• Recorded information
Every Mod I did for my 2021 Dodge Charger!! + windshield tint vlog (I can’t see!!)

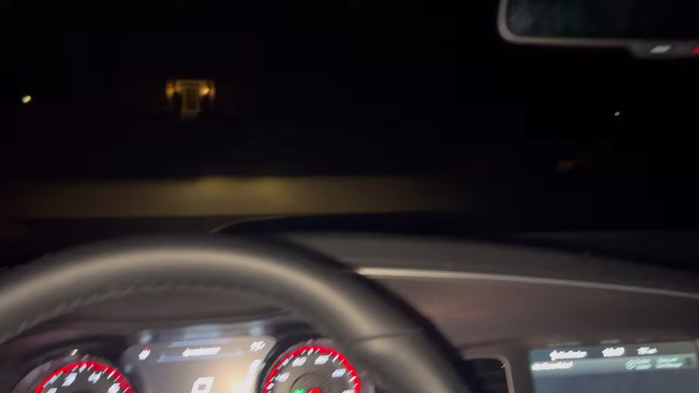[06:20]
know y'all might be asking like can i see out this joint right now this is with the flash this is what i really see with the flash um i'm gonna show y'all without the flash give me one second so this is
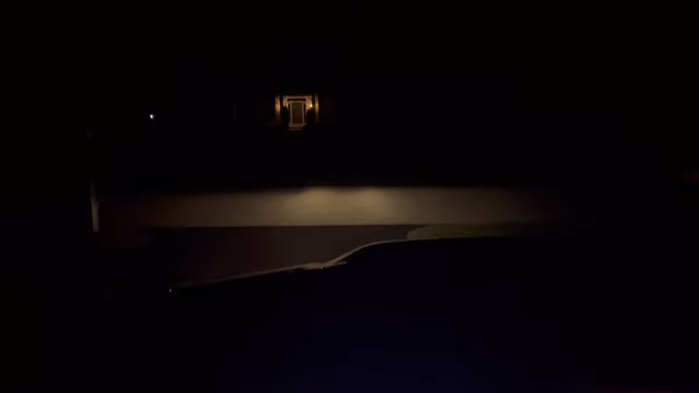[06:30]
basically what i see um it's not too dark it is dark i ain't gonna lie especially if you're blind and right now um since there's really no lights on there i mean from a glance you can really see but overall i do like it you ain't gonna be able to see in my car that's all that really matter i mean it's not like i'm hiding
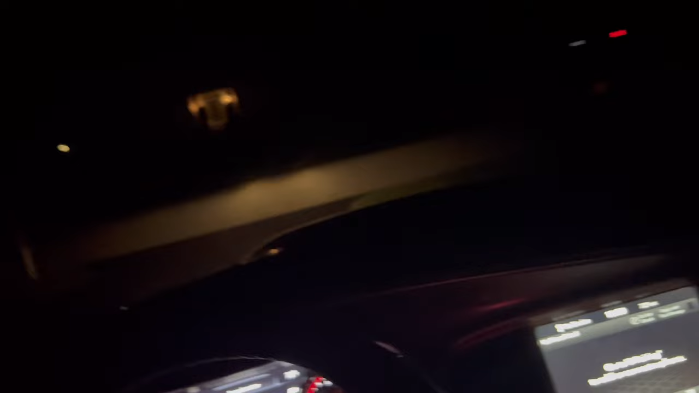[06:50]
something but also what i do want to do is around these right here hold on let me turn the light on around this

• Your instructions
Drop the pictures and reproduce the rest of the data above exactly.

• Exercise answer
Every Mod I did for my 2021 Dodge Charger!! + windshield tint vlog (I can’t see!!)

[06:20]
know y'all might be asking like can i see out this joint right now this is with the flash this is what i really see with the flash um i'm gonna show y'all without the flash give me one second so this is
[06:30]
basically what i see um it's not too dark it is dark i ain't gonna lie especially if you're blind and right now um since there's really no lights on there i mean from a glance you can really see but overall i do like it you ain't gonna be able to see in my car that's all that really matter i mean it's not like i'm hiding
[06:50]
something but also what i do want to do is around these right here hold on let me turn the light on around this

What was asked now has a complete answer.